• _YOUR GOAL_
Output all the records word for word. Drop the pictures.

(Data extracted from a collection)
╔══

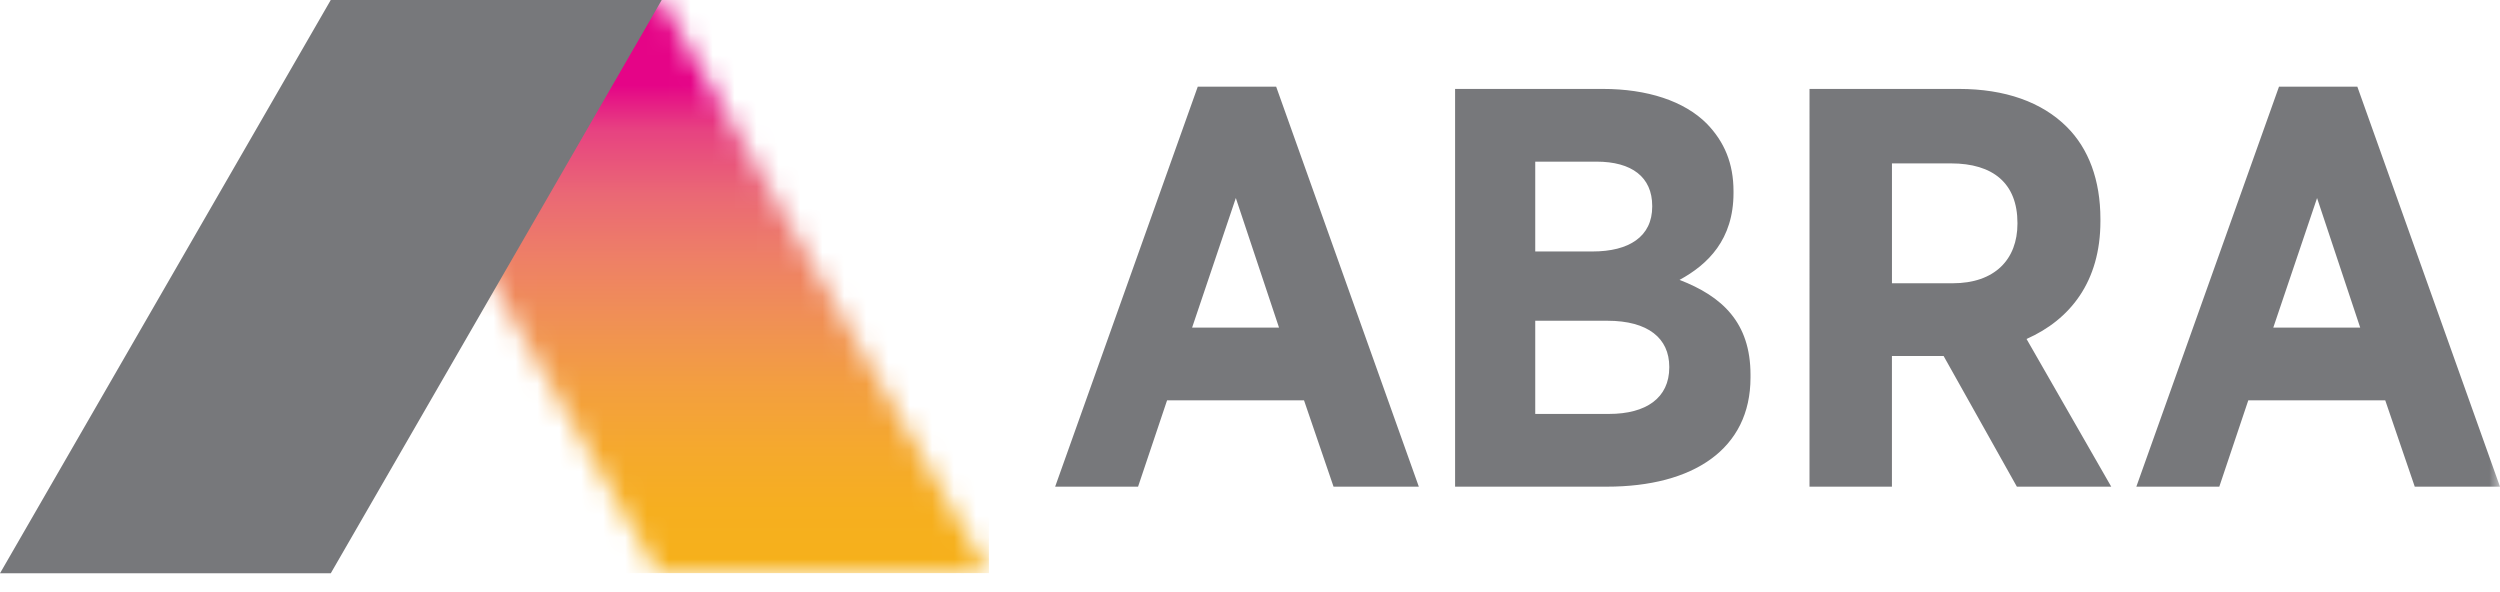 <svg width="114" height="27" viewBox="0 0 114 27" fill="none" xmlns="http://www.w3.org/2000/svg">
<g clip-path="url(#clip0_11604_15723)">
<mask id="mask0_11604_15723" style="mask-type:luminance" maskUnits="userSpaceOnUse" x="15" y="0" width="31" height="27">
<path d="M15.082 0L30.012 26.143H45.095L30.164 0H15.082Z" fill="white"/>
</mask>
<g mask="url(#mask0_11604_15723)">
<path d="M15.082 0H45.096V26.143H15.082V0Z" fill="url(#paint0_linear_11604_15723)"/>
</g>
<path d="M15.083 0L0 26.142H15.083L30.174 0H15.083ZM54.618 3.952H58.193L64.698 22.191H60.809L59.463 18.254H53.219L51.896 22.191H48.115L54.618 3.952ZM58.323 14.938L56.354 9.03L54.36 14.938H58.323Z" fill="#77787B"/>
<mask id="mask1_11604_15723" style="mask-type:luminance" maskUnits="userSpaceOnUse" x="0" y="0" width="114" height="27">
<path d="M0 0H114V26.143H0V0Z" fill="white"/>
</mask>
<g mask="url(#mask1_11604_15723)">
<path d="M66.352 4.055H73.09C75.109 4.055 76.795 4.601 77.829 5.638C78.633 6.467 79.048 7.451 79.048 8.721V8.798C79.048 10.924 77.88 12.061 76.587 12.763C78.528 13.513 79.823 14.705 79.823 17.088V17.218C79.823 20.481 77.207 22.192 73.27 22.192H66.352L66.352 4.055ZM75.341 9.393C75.341 8.073 74.409 7.371 72.802 7.371H70.007V11.467H72.621C74.28 11.467 75.341 10.793 75.341 9.421V9.393ZM73.293 14.626H70.007V18.875H73.372C75.058 18.875 76.119 18.151 76.119 16.753V16.727C76.118 15.429 75.159 14.626 73.293 14.626ZM82.514 4.055H89.331C91.426 4.055 93.113 4.652 94.252 5.792C95.237 6.777 95.779 8.201 95.779 9.99V10.093C95.779 12.837 94.404 14.576 92.41 15.457L96.273 22.193H91.97L88.629 16.234H86.272V22.193H82.513L82.514 4.055ZM89.045 12.917C90.961 12.917 91.996 11.829 91.996 10.197V10.171C91.996 8.358 90.882 7.451 88.966 7.451H86.273V12.916H89.045V12.917ZM103.922 3.953H107.495L113.999 22.192H110.113L108.767 18.255H102.522L101.2 22.192H97.417L103.922 3.953ZM107.625 14.938L105.658 9.031L103.662 14.938H107.625Z" fill="#77787B"/>
</g>
</g>
<defs>
<linearGradient id="paint0_linear_11604_15723" x1="30.119" y1="26.12" x2="30.119" y2="-0.037" gradientUnits="userSpaceOnUse">
<stop stop-color="#F6B11A"/>
<stop offset="0.105" stop-color="#F6AF1F"/>
<stop offset="0.213" stop-color="#F5A92D"/>
<stop offset="0.323" stop-color="#F39F3F"/>
<stop offset="0.435" stop-color="#F09154"/>
<stop offset="0.547" stop-color="#EE8066"/>
<stop offset="0.66" stop-color="#EA6875"/>
<stop offset="0.772" stop-color="#E74281"/>
<stop offset="0.85" stop-color="#E50487"/>
<stop offset="1" stop-color="#E50487"/>
</linearGradient>
<clipPath id="clip0_11604_15723">
<rect width="114" height="26.143" fill="white"/>
</clipPath>
</defs>
</svg>

╚══

• _SOLVED EXERCISE_
 <svg width="114" height="27" viewBox="0 0 114 27" fill="none" xmlns="http://www.w3.org/2000/svg">
<g clip-path="url(#clip0_11604_15723)">
<mask id="mask0_11604_15723" style="mask-type:luminance" maskUnits="userSpaceOnUse" x="15" y="0" width="31" height="27">
<path d="M15.082 0L30.012 26.143H45.095L30.164 0H15.082Z" fill="white"/>
</mask>
<g mask="url(#mask0_11604_15723)">
<path d="M15.082 0H45.096V26.143H15.082V0Z" fill="url(#paint0_linear_11604_15723)"/>
</g>
<path d="M15.083 0L0 26.142H15.083L30.174 0H15.083ZM54.618 3.952H58.193L64.698 22.191H60.809L59.463 18.254H53.219L51.896 22.191H48.115L54.618 3.952ZM58.323 14.938L56.354 9.03L54.36 14.938H58.323Z" fill="#77787B"/>
<mask id="mask1_11604_15723" style="mask-type:luminance" maskUnits="userSpaceOnUse" x="0" y="0" width="114" height="27">
<path d="M0 0H114V26.143H0V0Z" fill="white"/>
</mask>
<g mask="url(#mask1_11604_15723)">
<path d="M66.352 4.055H73.09C75.109 4.055 76.795 4.601 77.829 5.638C78.633 6.467 79.048 7.451 79.048 8.721V8.798C79.048 10.924 77.88 12.061 76.587 12.763C78.528 13.513 79.823 14.705 79.823 17.088V17.218C79.823 20.481 77.207 22.192 73.27 22.192H66.352L66.352 4.055ZM75.341 9.393C75.341 8.073 74.409 7.371 72.802 7.371H70.007V11.467H72.621C74.28 11.467 75.341 10.793 75.341 9.421V9.393ZM73.293 14.626H70.007V18.875H73.372C75.058 18.875 76.119 18.151 76.119 16.753V16.727C76.118 15.429 75.159 14.626 73.293 14.626ZM82.514 4.055H89.331C91.426 4.055 93.113 4.652 94.252 5.792C95.237 6.777 95.779 8.201 95.779 9.99V10.093C95.779 12.837 94.404 14.576 92.41 15.457L96.273 22.193H91.97L88.629 16.234H86.272V22.193H82.513L82.514 4.055ZM89.045 12.917C90.961 12.917 91.996 11.829 91.996 10.197V10.171C91.996 8.358 90.882 7.451 88.966 7.451H86.273V12.916H89.045V12.917ZM103.922 3.953H107.495L113.999 22.192H110.113L108.767 18.255H102.522L101.2 22.192H97.417L103.922 3.953ZM107.625 14.938L105.658 9.031L103.662 14.938H107.625Z" fill="#77787B"/>
</g>
</g>
<defs>
<linearGradient id="paint0_linear_11604_15723" x1="30.119" y1="26.12" x2="30.119" y2="-0.037" gradientUnits="userSpaceOnUse">
<stop stop-color="#F6B11A"/>
<stop offset="0.105" stop-color="#F6AF1F"/>
<stop offset="0.213" stop-color="#F5A92D"/>
<stop offset="0.323" stop-color="#F39F3F"/>
<stop offset="0.435" stop-color="#F09154"/>
<stop offset="0.547" stop-color="#EE8066"/>
<stop offset="0.66" stop-color="#EA6875"/>
<stop offset="0.772" stop-color="#E74281"/>
<stop offset="0.85" stop-color="#E50487"/>
<stop offset="1" stop-color="#E50487"/>
</linearGradient>
<clipPath id="clip0_11604_15723">
<rect width="114" height="26.143" fill="white"/>
</clipPath>
</defs>
</svg>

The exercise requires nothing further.